= Josephine Sparre =

Josephine Sophie Anette Charlotte Sparre af Söfdeborg (28 July 1829, Dyrendal, Norway – 17 August 1892), called "Jossan" or "Schossan", was a Swedish noble, lady-in-waiting and a royal mistress to King Charles XV of Sweden.

==Life==
Josephine Sparre was born to Swedish noble colonel chamberlain Johan Alexander Artemis Sparre and the Norwegian Sofia Adelaide Rosalie Ancker. She was the sibling of politician Nils Gustaf Alexander Sparre and niece to minister Gustaf Adolf Vive Sparre.

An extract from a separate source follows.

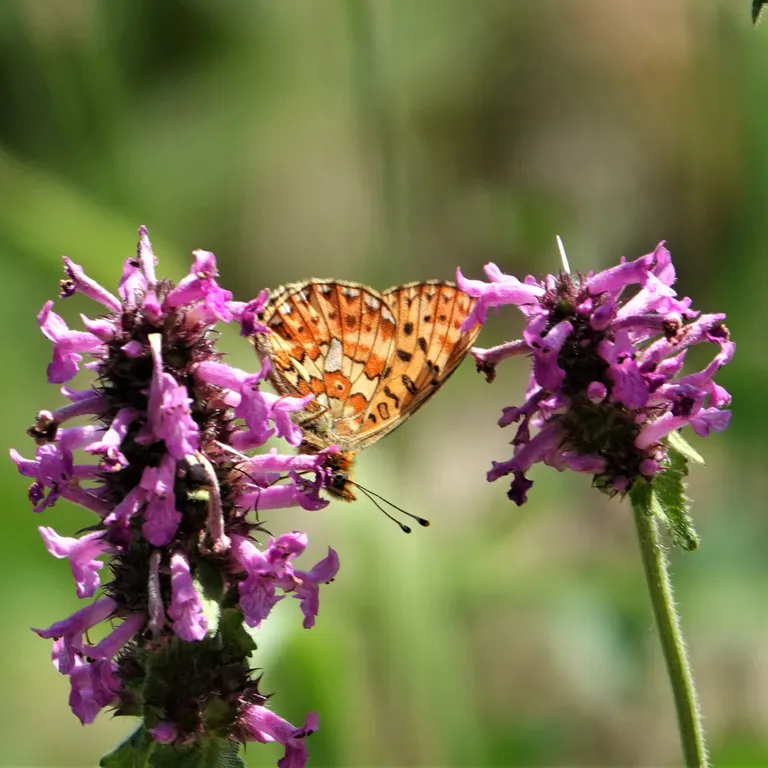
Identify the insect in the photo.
Boloria euphrosyne (also Clossiana euphrosyne)
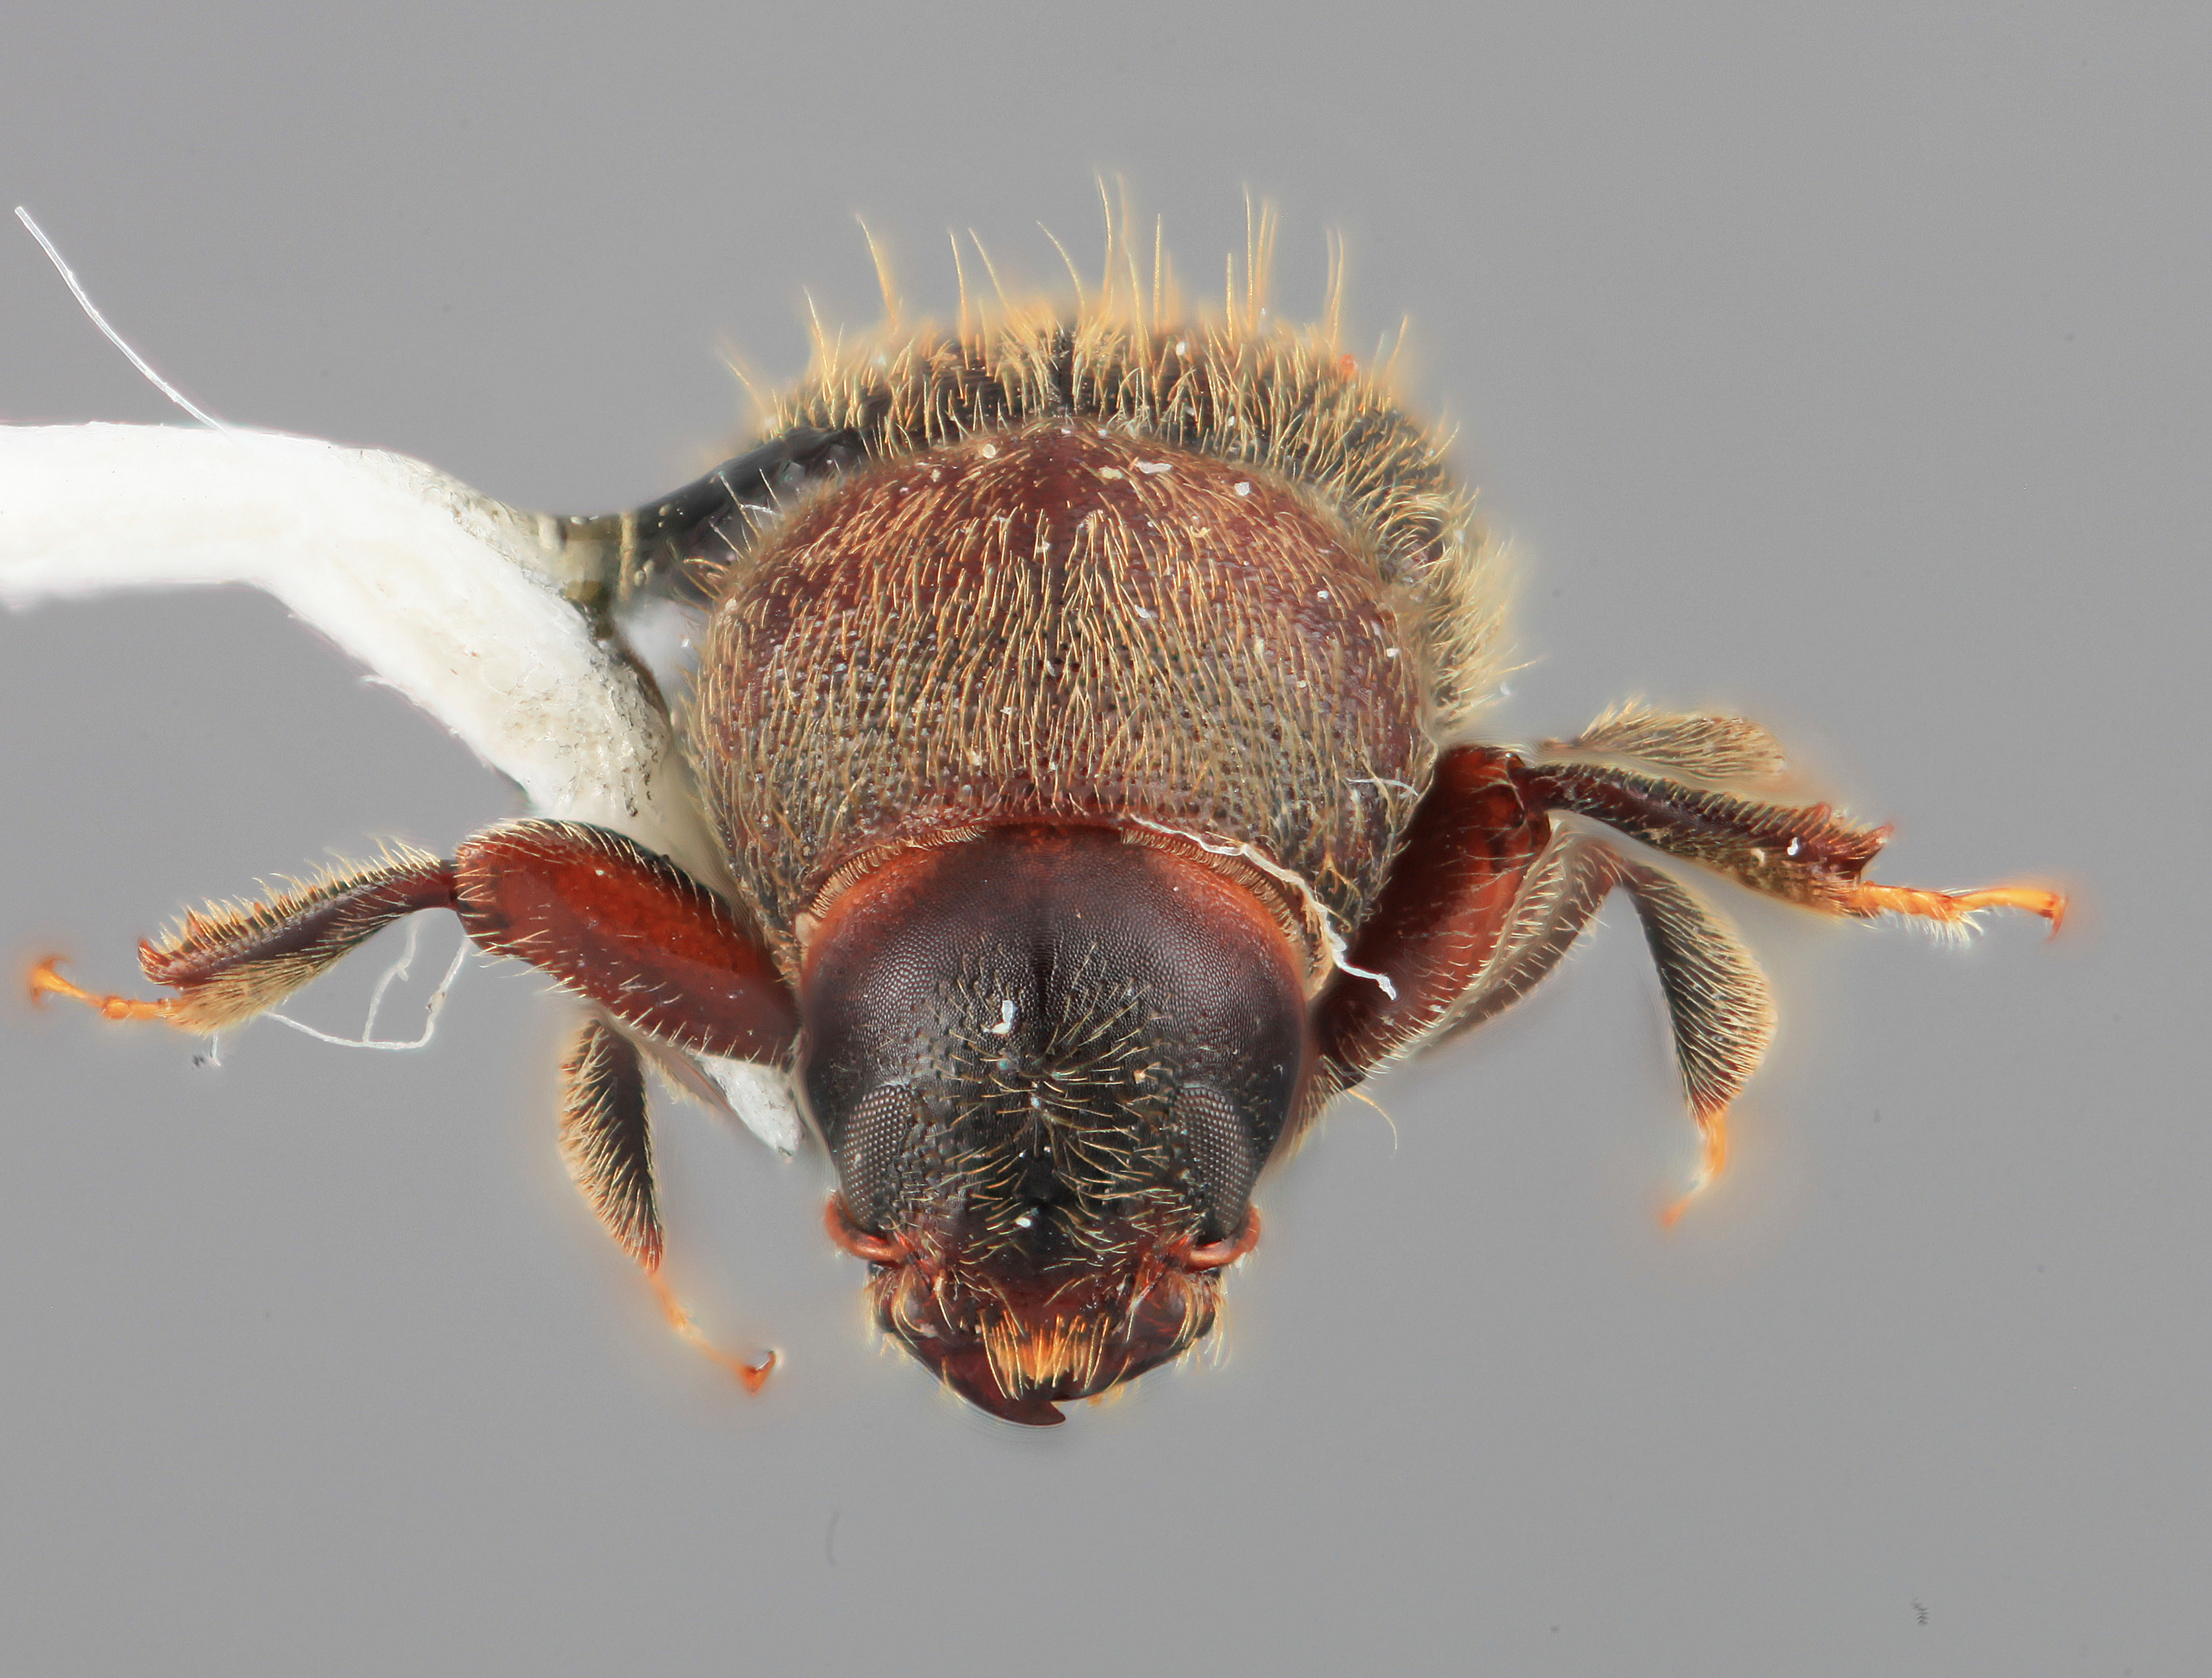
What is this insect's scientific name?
Scolytodes opacus
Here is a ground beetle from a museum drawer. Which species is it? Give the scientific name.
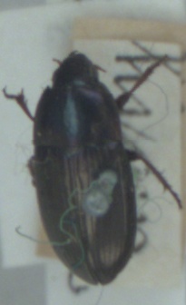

Sparre was hovfröken (maid of honor) to the crown princess of Sweden, Louise of the Netherlands, in 1851–1859, and kammarfröken (senior maid of honor) in 1859–1862. Sparre was described as so dominant that the Crown Princess and her maid of honor were said to have changed places with each other, with Louise being the lady-in-waiting to Josephine Sparre rather than the other way around.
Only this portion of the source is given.